BRIEF: Copy the data that follows exactly. Include no pictures.

(Recorded data)
◇ ◇ ◇ ◇ ◇

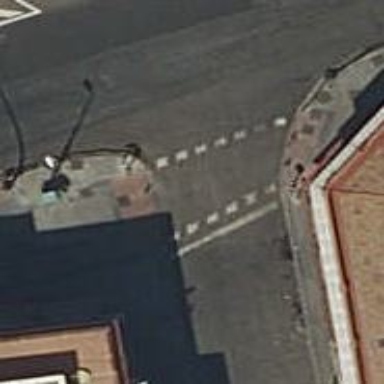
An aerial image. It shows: Crossing with traffic signals.
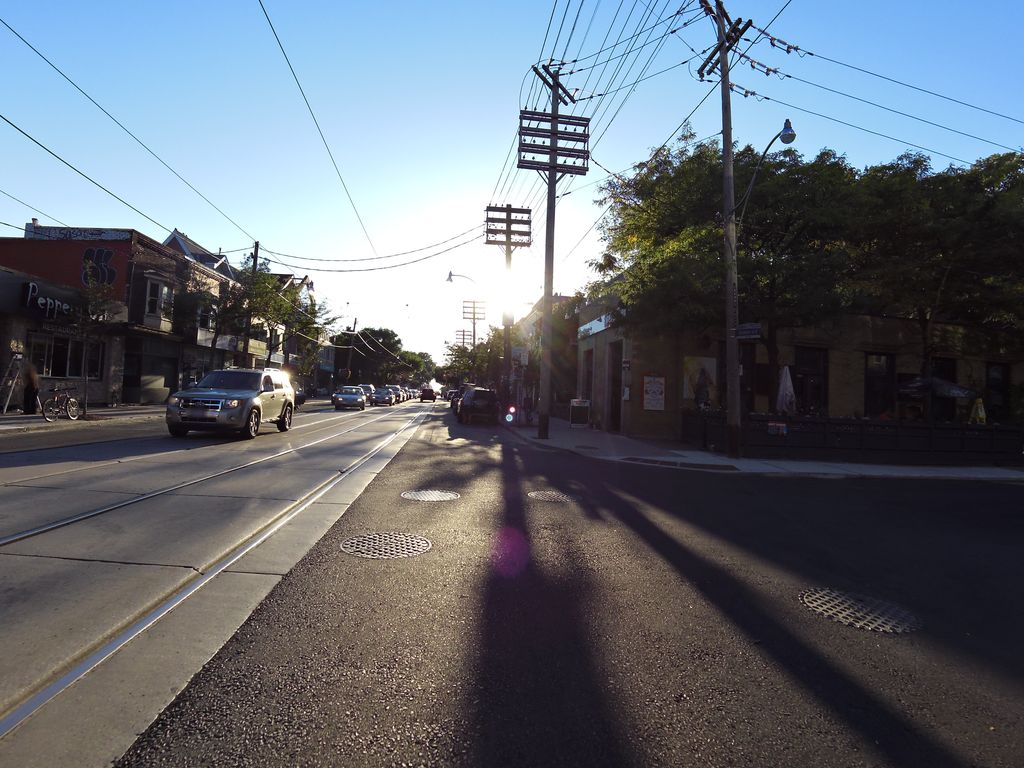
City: toronto
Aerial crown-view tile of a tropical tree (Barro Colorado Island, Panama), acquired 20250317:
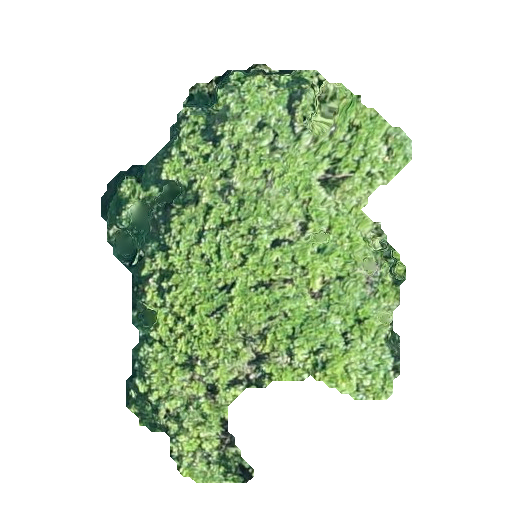
Species: Calophyllum longifolium
GBIF accepted scientific name: Calophyllum longifolium
Crown area: 127.168 m²
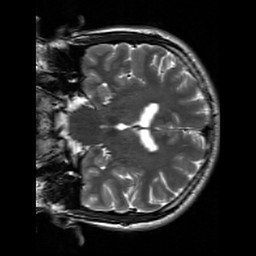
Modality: T2w
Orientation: coronal
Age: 34
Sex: male
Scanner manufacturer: siemens
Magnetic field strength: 3 T
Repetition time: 7 s
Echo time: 0.09 s
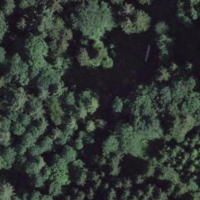
EUNIS habitat code: 41
Species observed at this site:
Lamium galeobdolon
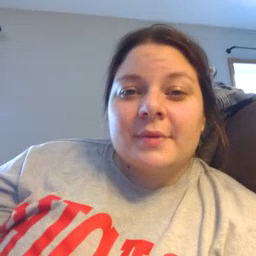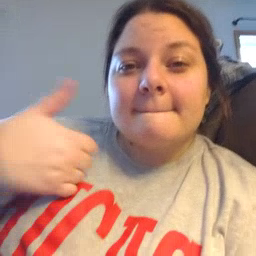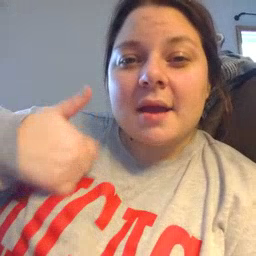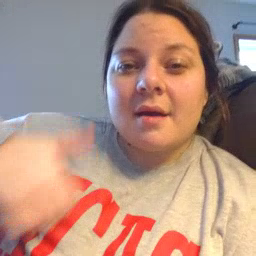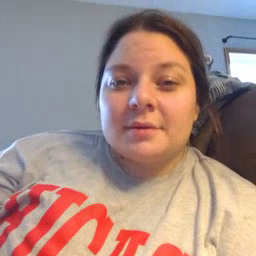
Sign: bath

◇ ◇ ◇ ◇ ◇

TASK RESULT:
An aerial image. It shows: Crossing with traffic signals.
City: toronto
Aerial crown-view tile of a tropical tree (Barro Colorado Island, Panama), acquired 20250317:
Species: Calophyllum longifolium
GBIF accepted scientific name: Calophyllum longifolium
Crown area: 127.168 m²
Modality: T2w
Orientation: coronal
Age: 34
Sex: male
Scanner manufacturer: siemens
Magnetic field strength: 3 T
Repetition time: 7 s
Echo time: 0.09 s
EUNIS habitat code: 41
Species observed at this site:
Lamium galeobdolon
Sign: bath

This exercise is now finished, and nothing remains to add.